Liebknecht, the distinguished German Socialist, who was one of the chairmen of the Marxian convention, wrote in his preface to the German edition of the Proceedings that the Paris meeting began a new era, "and indicated a break with the past." He told the delegates at the convention, "the Old International lives in us to-day." There was a continuity of proletarian ambition. In this respect the old movement was resurrected in the new. But in every other respect the old movement was dead. The abstractions about property and the rights of individuals did not interest the new generation. They were more concerned with wages than wage theories, and in the purchasing power of their wages than in a theory of values. Even the spirit of the class consciousness had changed. Marx's organization was the source of the old; national consciousness was the source of the new. The present internationalism is the result of nationalism. The delegates at Paris were representatives; they represented nationalities. One of the rules of the Marxian congress was that votes should be counted "by the head," unless a delegation from any country should unanimously demand "voting by nationalities."

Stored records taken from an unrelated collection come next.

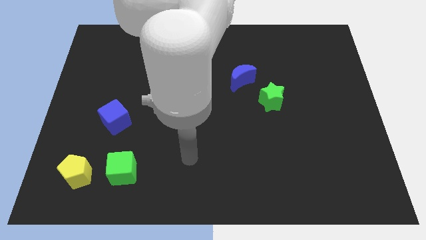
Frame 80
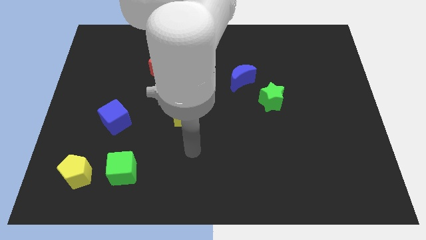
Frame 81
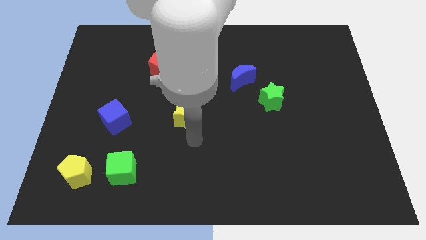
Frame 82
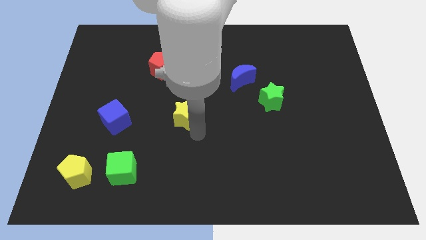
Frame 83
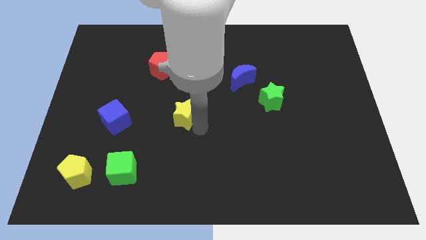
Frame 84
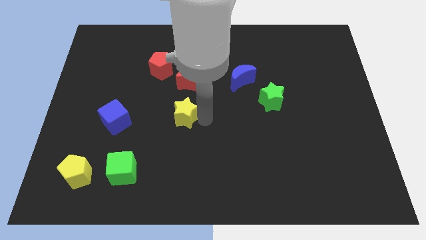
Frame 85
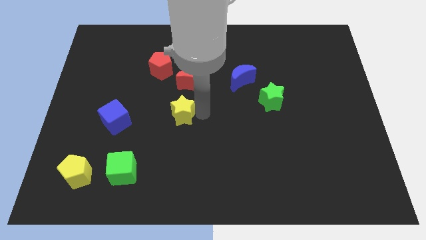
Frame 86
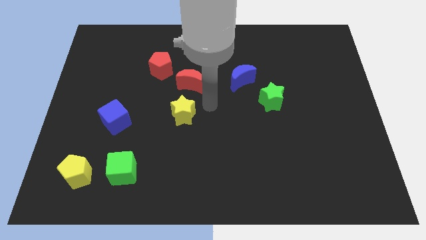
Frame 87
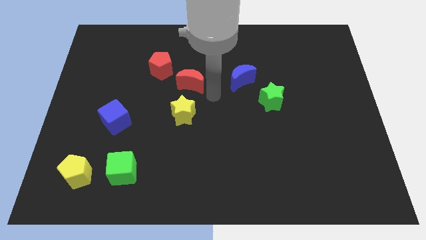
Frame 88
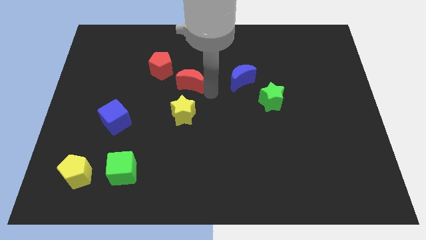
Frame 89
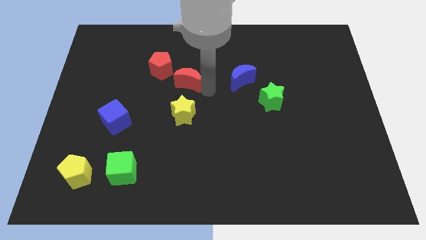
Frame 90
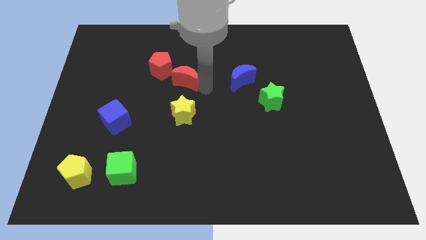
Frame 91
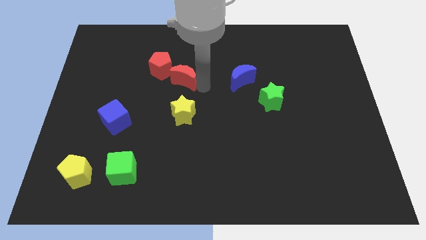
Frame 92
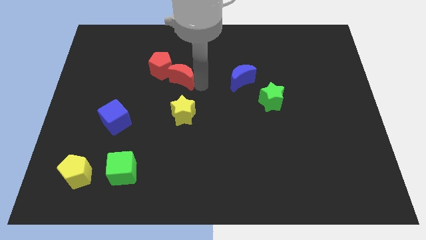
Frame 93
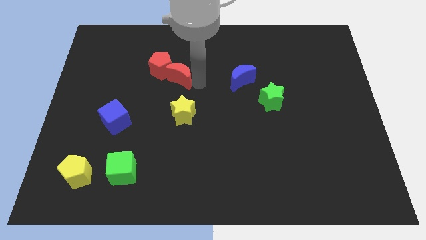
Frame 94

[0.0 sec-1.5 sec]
push the red moon close to the red pentagon
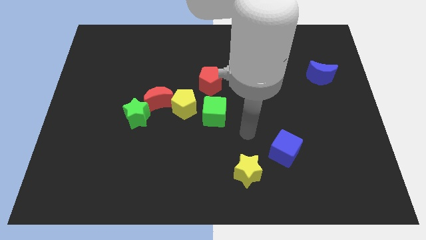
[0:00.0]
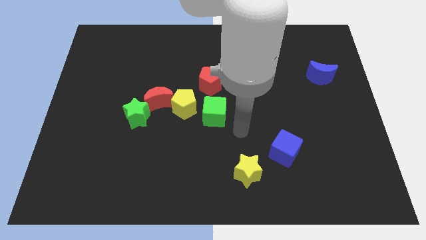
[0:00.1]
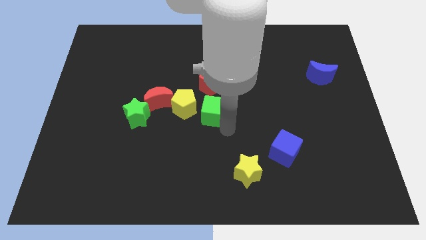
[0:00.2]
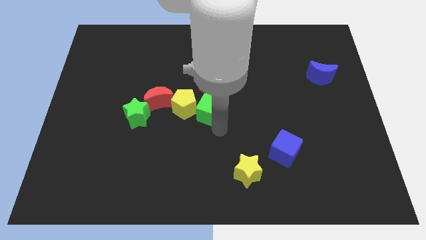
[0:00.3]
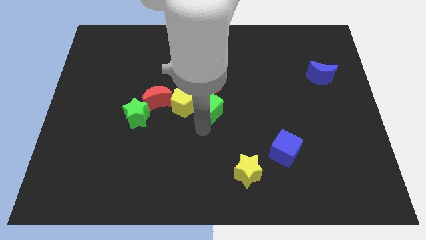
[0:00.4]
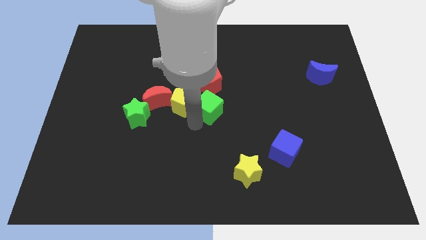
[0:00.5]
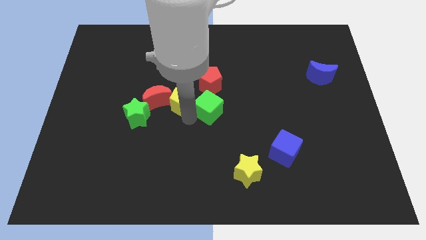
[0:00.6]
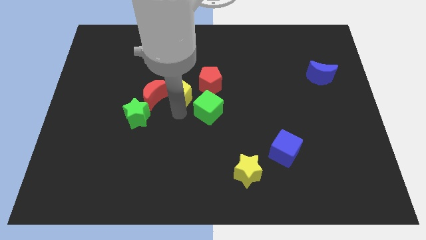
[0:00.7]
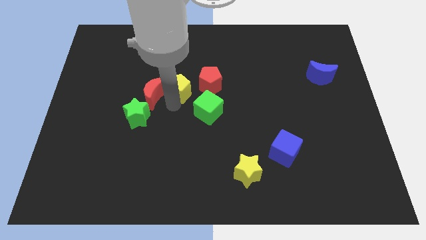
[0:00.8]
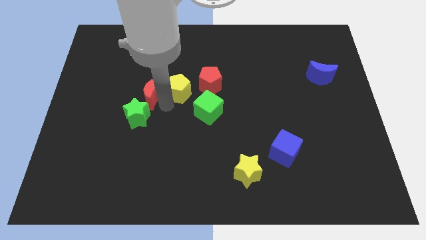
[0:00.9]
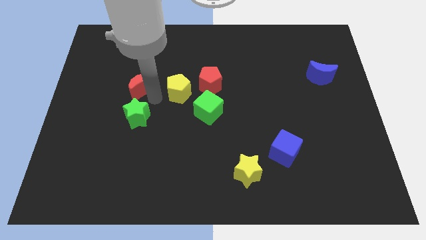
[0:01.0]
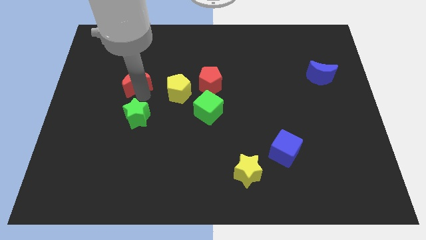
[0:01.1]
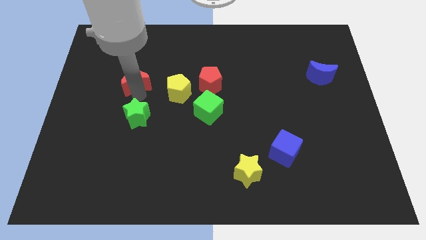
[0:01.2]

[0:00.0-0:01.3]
pull the green star apart from the red moon

In the twenty years that had elapsed since Bakunin and his conspiracy-loving following had disrupted the "Old International" by their preaching of violence against nationalism, labor had increased with the rapid strides of the increasing industry and commerce of the world. This labor had organized itself into unions and all manner of co-operative and protective associations. It had done this by natural compulsion from within, not by a superimposed force from without. They had thereby found their national homogeneity, and were ready to go forward into a great and universal international homogeneity.

The International Workingmen's Association now embraces the labor movement of all the leading countries of the world. At the last congress, held in Copenhagen, 1910, reports were received from the following organizations: the British Labor Party, the Fabian Society, the Social Democratic Federation of England, the Social Democratic Party of Germany, the Social Democratic Labor Party of Austria, the Commission of Trade Unions of Austria, the Social Democratic Labor Party of Bohemia, the Social Democratic Party of Hungary, the Socialist Party of France, the Socialist Party of Italy, the Revolutionary Socialist Party of Russia, the Social Democratic Party of Lettland, the Social Democratic Party of Finland, the Socialist Party of Norway, the Social Democratic Labor Party of Sweden, the Danish Social Democracy, the Social Democratic Party of Holland, the Belgian Labor Party, the Socialist Labor Party of the United States, the Social Democratic Party of Servia, and the Bulgarian Laborers' Social Democratic Party.[9] These names indicate the threefold nature of the modern movement. It is a labor movement, it is democratic, and it is Socialistic. And the list of countries shows that it is international.

At Brussels a permanent International Socialist Bureau is maintained, with a permanent secretary, who is in constant touch with the movement in all countries.